* Stored dataset items *
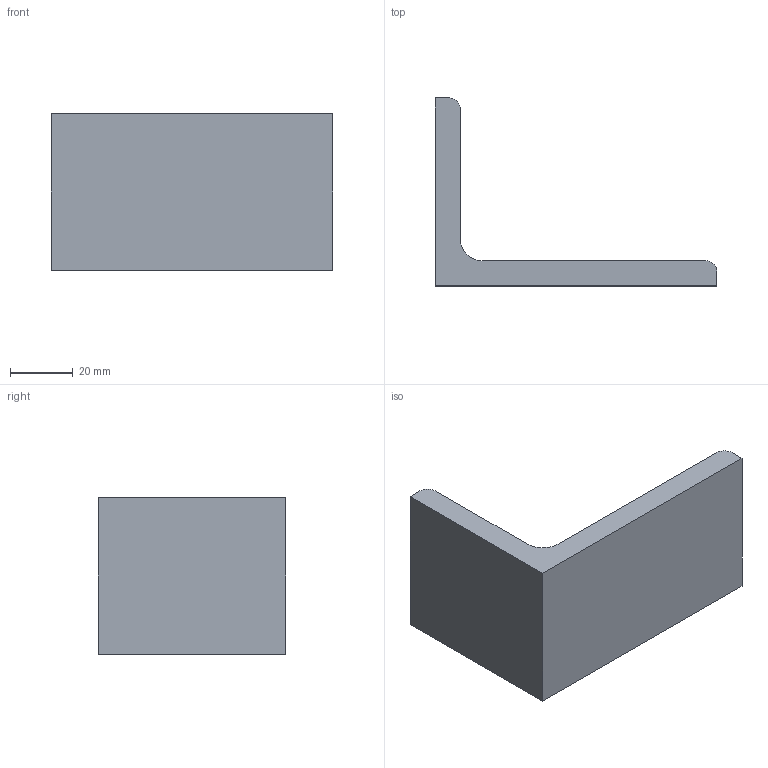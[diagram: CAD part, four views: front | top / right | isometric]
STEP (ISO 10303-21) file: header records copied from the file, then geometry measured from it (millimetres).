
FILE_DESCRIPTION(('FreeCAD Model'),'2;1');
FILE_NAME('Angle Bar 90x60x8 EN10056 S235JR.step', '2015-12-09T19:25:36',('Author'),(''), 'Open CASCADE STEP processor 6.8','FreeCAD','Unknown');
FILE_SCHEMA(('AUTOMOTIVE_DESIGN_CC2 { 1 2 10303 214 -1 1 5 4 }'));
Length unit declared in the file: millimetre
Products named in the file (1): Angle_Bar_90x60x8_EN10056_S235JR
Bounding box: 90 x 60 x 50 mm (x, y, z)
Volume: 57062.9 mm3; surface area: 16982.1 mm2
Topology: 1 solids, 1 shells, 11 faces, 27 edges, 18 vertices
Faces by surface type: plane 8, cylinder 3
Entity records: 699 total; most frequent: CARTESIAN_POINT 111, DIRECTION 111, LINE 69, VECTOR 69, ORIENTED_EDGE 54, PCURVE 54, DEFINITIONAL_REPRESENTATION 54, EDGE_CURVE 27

* What is needed *
Write the entries out again exactly as they appear, with the pictures omitted.

* Exercise solution *
[diagram: CAD part, four views: front | top / right | isometric]
STEP (ISO 10303-21) file: header records copied from the file, then geometry measured from it (millimetres).
FILE_DESCRIPTION(('FreeCAD Model'),'2;1');
FILE_NAME('Angle Bar 90x60x8 EN10056 S235JR.step', '2015-12-09T19:25:36',('Author'),(''), 'Open CASCADE STEP processor 6.8','FreeCAD','Unknown');
FILE_SCHEMA(('AUTOMOTIVE_DESIGN_CC2 { 1 2 10303 214 -1 1 5 4 }'));
Length unit declared in the file: millimetre
Products named in the file (1): Angle_Bar_90x60x8_EN10056_S235JR
Bounding box: 90 x 60 x 50 mm (x, y, z)
Volume: 57062.9 mm3; surface area: 16982.1 mm2
Topology: 1 solids, 1 shells, 11 faces, 27 edges, 18 vertices
Faces by surface type: plane 8, cylinder 3
Entity records: 699 total; most frequent: CARTESIAN_POINT 111, DIRECTION 111, LINE 69, VECTOR 69, ORIENTED_EDGE 54, PCURVE 54, DEFINITIONAL_REPRESENTATION 54, EDGE_CURVE 27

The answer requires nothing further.